The training provided by the company would meet its standards.

For those with no “requirements states,” it’s an excellent opportunity to get the training and experience.

In most of the countries, an electrician is considered fully qualified to connect photovoltaic systems to the electric grids.

They’re also responsible for connecting panels to inverters and batteries.

Training Online

Online education has become apparent or prominent as a popular higher-education alternative.

Taking courses online gives an opportunity to the students to continue with their current jobs and responsibilities while gaining new credentials for their resume.

Virtual training courses are always less expensive than traditional university courses,.

They can be completed at home at the student’s convenience and comfort with a more flexible schedule.

Online training also can render new computer-based skills, such as creating and sharing documents and using audio and visual materials in assignments.

Online courses in solar perspectives are available from the basics.

Nowadays, there are several PV installer courses available online.

These PV installer courses typically cover the elements and applications for photovoltaic systems, array configurations, as well as site analysis, and other aspects of grid-direct PV systems.

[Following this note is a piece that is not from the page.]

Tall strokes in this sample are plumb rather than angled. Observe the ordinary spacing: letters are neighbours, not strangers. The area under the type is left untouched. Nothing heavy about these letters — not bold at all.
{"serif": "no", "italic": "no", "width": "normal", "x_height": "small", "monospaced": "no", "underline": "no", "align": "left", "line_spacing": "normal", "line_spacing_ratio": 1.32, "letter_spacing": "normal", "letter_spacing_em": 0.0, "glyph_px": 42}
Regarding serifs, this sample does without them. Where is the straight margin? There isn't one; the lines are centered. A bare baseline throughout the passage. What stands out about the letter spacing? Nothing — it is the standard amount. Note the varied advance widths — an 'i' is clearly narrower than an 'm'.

Search for courses that include both Online as well as hands-on training, both theory and practical applications with labs, eligibility to take the NABCEP exam.

If possible, have exam fees included in the cost of the course.

Also, if you’re taking a technical course online, make sure you have the prequisite background in engineering, construction, or roofing.

Essential Qualities for Solar Photovoltaic Installers

Customer-Service Skills

PV installers always need to communicate effectively with clients and other workers to ensure customer satisfaction.

They also ensure that proper safety and installation procedures are followed.

As a result, workers must maintain professionalism during duties and perform the work on time.

Detail-Oriented

During installation, PV installers must carefully follow all the necessary instructions.

If they fail to do the same, the system may not work correctly.

Mechanical Skills

PV installers work with sophisticated electrical equipment and mechanical tools.

Candidates must be able to build support structures for solar panels and to connect the panels to the electrical system.

Physical Stamina

PV installers are often in need of carrying panels and other heavy equipment on their foot.

When installing panels on the rooftop, workers may need to climb ladders many times throughout the day.

Physical Strength

PV installers often lift heavy tools and equipment.

Workers should be strong enough to lift materials that weigh up to 50 pounds.

Recertification

Although it’s not mandatory to enter the solar sector, the exam and application process is a great way to learn the trade and earn a certificate that proves you’re a competent solar panel Installer.

However, the NABCEP certification is only valid for three years from your exam.

To remain certified once this period has passed, you must enlist for a recertification exam based on the same content.

This content, however, has a slightly different entry requirements to reflect your development as a professional PV installer.

Final Thoughts

Completing all of these requirements will make you a highly desirable candidate and very promising to solar providers willing to hire top talent.

There is still a lack of standard certification system.

Many solar installers have not gone through the programs yet.

It’s just a great way to increase your chances of getting your solar dream job.

Since the industry itself is still new, it’s relatively easy to become a solar power installer in 2020.

Employers often do not require higher education diplomas, although a background in construction, electricity, or mechanics can give you an advantage.

Something to consider if you want to stand out from the competition is certification by the NABCEP.

To earn such a distinction, you’ll be required to complete projects, attend specific classes, and undergo advanced training.

All of which will ultimately guide you through the process of how to become a certified solar installer.